I think it is unlikely that a kernel launch is strictly a send operation. At minimum, so blocking APIs can work and for the proper handling of (circular) command buffers, a GPU should send notifications indicating completed work units back to the CPU. So a launch is presumably of the form “process notifications received from GPU for completed previous work, then send data to GPU for new work”. The latency of a kernel launch would therefore be equivalent to the half round trip latency quoted for network cards. I admit this is (hopefully intelligent) speculation.

If you don’t want to rely on speculation, you could hook up a logic analyzer to the PCIe interconnect and study the traffic patterns as you are blasting a stream of kernel launches to the GPU.

frankly I don’t know if it’s transferable to GPUs but they are delivering packets from the NIC over the PCIe bus to a user application in under 1us. Mellanox is down around 600us. To get below this we keep application logic entirely on the nic to avoid the bus. Notwithstanding we are already under 2us return trip to user space and have been for at least 7 years.

Re: solar flare as I said you need to read about the various driver modes. Eg:

Onload is a high-performance POSIX compliant network stack from Solarflare that dramatically reduces latency and x86 utilization, while increasing throughput and reducing latency. Onload supports TCP/UDP/IP network protocols by providing a standard Berkley Sockets Direct (BSD) Application Programming Interface (API), and requires no modifications to end user applications. Onload delivers half round trip latency in the 1,000 nanosecond range, by contrast the typical kernel stack latency is about 7,000 nanoseconds. It achieves these performance improvements in part by performing network processing in user, bypassing the OS kernel entirely, reducing the number of data copies, and kernel context switches.

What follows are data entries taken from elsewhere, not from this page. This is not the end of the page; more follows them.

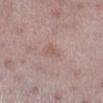Notes:
* follow-up · imaged on a skin check; not biopsied
* tile lighting · white-light
* location · the right lower leg
* patient · female, aged 43–47
* image · 15 mm crop, total-body photography
* diameter · ≈3 mm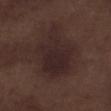Recorded during total-body skin imaging; not selected for excision or biopsy.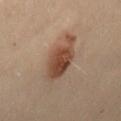workup: total-body-photography surveillance lesion; no biopsy | image: ~15 mm crop, total-body skin-cancer survey | anatomic site: the abdomen | lighting: cross-polarized | subject: female, aged around 30.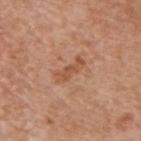<lesion>
<biopsy_status>not biopsied; imaged during a skin examination</biopsy_status>
<image>
  <source>total-body photography crop</source>
  <field_of_view_mm>15</field_of_view_mm>
</image>
<patient>
  <sex>male</sex>
  <age_approx>60</age_approx>
</patient>
<site>upper back</site>
</lesion>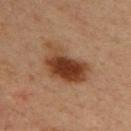The lesion was tiled from a total-body skin photograph and was not biopsied.
Captured under cross-polarized illumination.
The lesion is on the upper back.
A close-up tile cropped from a whole-body skin photograph, about 15 mm across.
The subject is a male roughly 35 years of age.
Approximately 6 mm at its widest.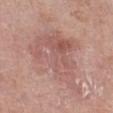Clinical impression: Recorded during total-body skin imaging; not selected for excision or biopsy. Acquisition and patient details: A 15 mm close-up tile from a total-body photography series done for melanoma screening. The total-body-photography lesion software estimated a lesion area of about 32 mm², a shape eccentricity near 0.65, and two-axis asymmetry of about 0.45. And it measured a mean CIELAB color near L≈57 a*≈22 b*≈23 and a lesion-to-skin contrast of about 5.5 (normalized; higher = more distinct). And it measured a border-irregularity index near 5.5/10. The analysis additionally found a classifier nevus-likeness of about 0/100 and a lesion-detection confidence of about 100/100. The subject is a female roughly 70 years of age. Measured at roughly 8.5 mm in maximum diameter. On the left lower leg.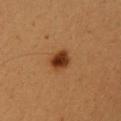Part of a total-body skin-imaging series; this lesion was reviewed on a skin check and was not flagged for biopsy. A 15 mm close-up tile from a total-body photography series done for melanoma screening. A female patient in their mid- to late 20s. The lesion is located on the head or neck.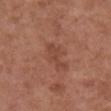Imaged during a routine full-body skin examination; the lesion was not biopsied and no histopathology is available.
A lesion tile, about 15 mm wide, cut from a 3D total-body photograph.
A female patient, aged approximately 75.
The lesion is located on the chest.
Approximately 4 mm at its widest.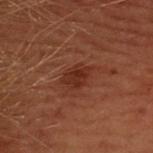Located on the upper back.
A region of skin cropped from a whole-body photographic capture, roughly 15 mm wide.
The subject is a female in their 50s.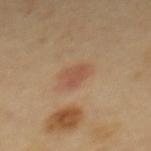  biopsy_status: not biopsied; imaged during a skin examination
  image:
    source: total-body photography crop
    field_of_view_mm: 15
  site: upper back
  lesion_size:
    long_diameter_mm_approx: 2.5
  automated_metrics:
    area_mm2_approx: 3.5
    cielab_L: 51
    cielab_a: 22
    cielab_b: 32
    vs_skin_darker_L: 8.0
    vs_skin_contrast_norm: 5.5
    nevus_likeness_0_100: 85
    lesion_detection_confidence_0_100: 100
  patient:
    sex: female
    age_approx: 60
  lighting: cross-polarized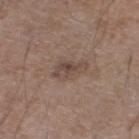Impression:
Recorded during total-body skin imaging; not selected for excision or biopsy.
Background:
The lesion's longest dimension is about 4 mm. This image is a 15 mm lesion crop taken from a total-body photograph. Captured under white-light illumination. The lesion is on the right lower leg. A male subject aged 58 to 62.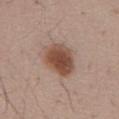workup: imaged on a skin check; not biopsied
lesion size: ~4.5 mm (longest diameter)
lighting: white-light
automated lesion analysis: a lesion area of about 13 mm² and an outline eccentricity of about 0.65 (0 = round, 1 = elongated); a nevus-likeness score of about 100/100 and a lesion-detection confidence of about 100/100
subject: male, aged approximately 60
image source: ~15 mm tile from a whole-body skin photo
site: the front of the torso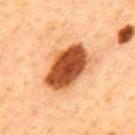{"biopsy_status": "not biopsied; imaged during a skin examination", "site": "mid back", "lesion_size": {"long_diameter_mm_approx": 6.0}, "lighting": "cross-polarized", "image": {"source": "total-body photography crop", "field_of_view_mm": 15}, "automated_metrics": {"area_mm2_approx": 20.0, "shape_asymmetry": 0.15, "nevus_likeness_0_100": 100, "lesion_detection_confidence_0_100": 100}, "patient": {"sex": "male", "age_approx": 50}}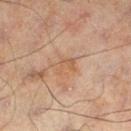No biopsy was performed on this lesion — it was imaged during a full skin examination and was not determined to be concerning. Imaged with cross-polarized lighting. Approximately 3 mm at its widest. A male subject, aged 43–47. A 15 mm close-up extracted from a 3D total-body photography capture. On the left lower leg.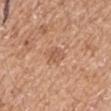biopsy_status: not biopsied; imaged during a skin examination
lesion_size:
  long_diameter_mm_approx: 2.5
image:
  source: total-body photography crop
  field_of_view_mm: 15
lighting: white-light
patient:
  sex: male
  age_approx: 55
automated_metrics:
  area_mm2_approx: 4.5
  eccentricity: 0.6
  shape_asymmetry: 0.2
  cielab_L: 57
  cielab_a: 21
  cielab_b: 33
  vs_skin_darker_L: 8.0
  vs_skin_contrast_norm: 5.0
  border_irregularity_0_10: 2.0
  color_variation_0_10: 2.0
  peripheral_color_asymmetry: 0.5
  lesion_detection_confidence_0_100: 100
site: right upper arm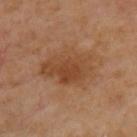{"biopsy_status": "not biopsied; imaged during a skin examination", "site": "back", "image": {"source": "total-body photography crop", "field_of_view_mm": 15}, "lighting": "cross-polarized", "automated_metrics": {"area_mm2_approx": 17.0, "eccentricity": 0.75, "shape_asymmetry": 0.2, "nevus_likeness_0_100": 0}, "lesion_size": {"long_diameter_mm_approx": 6.0}, "patient": {"sex": "male", "age_approx": 70}}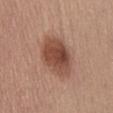{
  "biopsy_status": "not biopsied; imaged during a skin examination",
  "site": "abdomen",
  "image": {
    "source": "total-body photography crop",
    "field_of_view_mm": 15
  },
  "patient": {
    "sex": "male",
    "age_approx": 55
  },
  "automated_metrics": {
    "area_mm2_approx": 17.0,
    "shape_asymmetry": 0.15,
    "cielab_L": 48,
    "cielab_a": 22,
    "cielab_b": 28,
    "vs_skin_darker_L": 13.0,
    "vs_skin_contrast_norm": 9.0
  },
  "lighting": "white-light"
}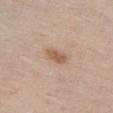Imaged during a routine full-body skin examination; the lesion was not biopsied and no histopathology is available. Cropped from a whole-body photographic skin survey; the tile spans about 15 mm. The subject is a female aged around 65. Located on the chest.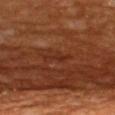Recorded during total-body skin imaging; not selected for excision or biopsy.
The patient is a male aged 58 to 62.
From the upper back.
Longest diameter approximately 3.5 mm.
Captured under cross-polarized illumination.
A region of skin cropped from a whole-body photographic capture, roughly 15 mm wide.
The lesion-visualizer software estimated a footprint of about 3.5 mm², a shape eccentricity near 0.95, and two-axis asymmetry of about 0.45. The analysis additionally found a mean CIELAB color near L≈27 a*≈24 b*≈29, about 5 CIELAB-L* units darker than the surrounding skin, and a lesion-to-skin contrast of about 6 (normalized; higher = more distinct). It also reported a border-irregularity rating of about 6/10, a color-variation rating of about 0/10, and peripheral color asymmetry of about 0. It also reported an automated nevus-likeness rating near 0 out of 100.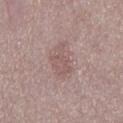Assessment: Part of a total-body skin-imaging series; this lesion was reviewed on a skin check and was not flagged for biopsy. Image and clinical context: Located on the mid back. A 15 mm close-up extracted from a 3D total-body photography capture. A male patient about 70 years old.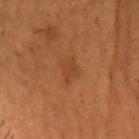notes: total-body-photography surveillance lesion; no biopsy | image-analysis metrics: a lesion color around L≈33 a*≈20 b*≈30 in CIELAB and a lesion-to-skin contrast of about 4.5 (normalized; higher = more distinct); a within-lesion color-variation index near 1.5/10 and a peripheral color-asymmetry measure near 0.5; a nevus-likeness score of about 0/100 and a detector confidence of about 100 out of 100 that the crop contains a lesion | subject: male, in their 50s | image: 15 mm crop, total-body photography | body site: the head or neck | lighting: cross-polarized illumination.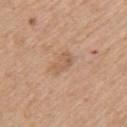Assessment: The lesion was photographed on a routine skin check and not biopsied; there is no pathology result. Clinical summary: An algorithmic analysis of the crop reported a color-variation rating of about 2.5/10 and peripheral color asymmetry of about 1.5. It also reported a classifier nevus-likeness of about 5/100. Measured at roughly 3 mm in maximum diameter. Located on the left upper arm. The tile uses white-light illumination. A lesion tile, about 15 mm wide, cut from a 3D total-body photograph. A male subject aged 58 to 62.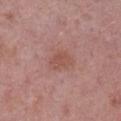Recorded during total-body skin imaging; not selected for excision or biopsy.
The subject is a female aged approximately 50.
An algorithmic analysis of the crop reported an eccentricity of roughly 0.75 and two-axis asymmetry of about 0.25. The software also gave an average lesion color of about L≈51 a*≈24 b*≈26 (CIELAB), about 7 CIELAB-L* units darker than the surrounding skin, and a normalized lesion–skin contrast near 5.5.
The lesion is located on the left lower leg.
A 15 mm crop from a total-body photograph taken for skin-cancer surveillance.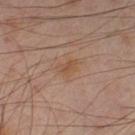<lesion>
<biopsy_status>not biopsied; imaged during a skin examination</biopsy_status>
<site>left lower leg</site>
<patient>
  <sex>male</sex>
  <age_approx>55</age_approx>
</patient>
<image>
  <source>total-body photography crop</source>
  <field_of_view_mm>15</field_of_view_mm>
</image>
<lesion_size>
  <long_diameter_mm_approx>3.0</long_diameter_mm_approx>
</lesion_size>
<automated_metrics>
  <area_mm2_approx>4.0</area_mm2_approx>
  <eccentricity>0.75</eccentricity>
  <shape_asymmetry>0.3</shape_asymmetry>
</automated_metrics>
<lighting>cross-polarized</lighting>
</lesion>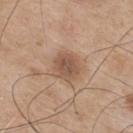The lesion is located on the mid back.
The recorded lesion diameter is about 3.5 mm.
The subject is a male aged 73–77.
A region of skin cropped from a whole-body photographic capture, roughly 15 mm wide.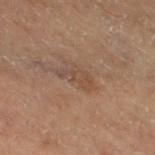site: the right thigh | lighting: cross-polarized | lesion diameter: ~3.5 mm (longest diameter) | patient: male, approximately 70 years of age | image source: total-body-photography crop, ~15 mm field of view.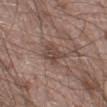biopsy status: catalogued during a skin exam; not biopsied
lighting: white-light
body site: the left lower leg
image: 15 mm crop, total-body photography
subject: male, aged 18 to 22

Well, I grabbed the top-most advertised number from the website. If the marketing people at Solarflare know what they are doing, they will put the most relevant result there :-)

This is for receiving, not for sending. Therefore I am not sure how this relates to kernel launches. We know for sure that kernel launches must include a send operation, and they may include a receive operation by reasonable conjecture.

In any event, I don’t think we will resolve the issue of minimal kernel launch latency in this forum thread. You might consider filing a request for enhancement with NVIDIA, or if your application relies crucially on lowering the launch latency and you are (directly or indirectly) responsible for a purchasing decision on a good-sized batch of GPUs, maybe contact NVIDIA directly at one of their sales offices. Money talks.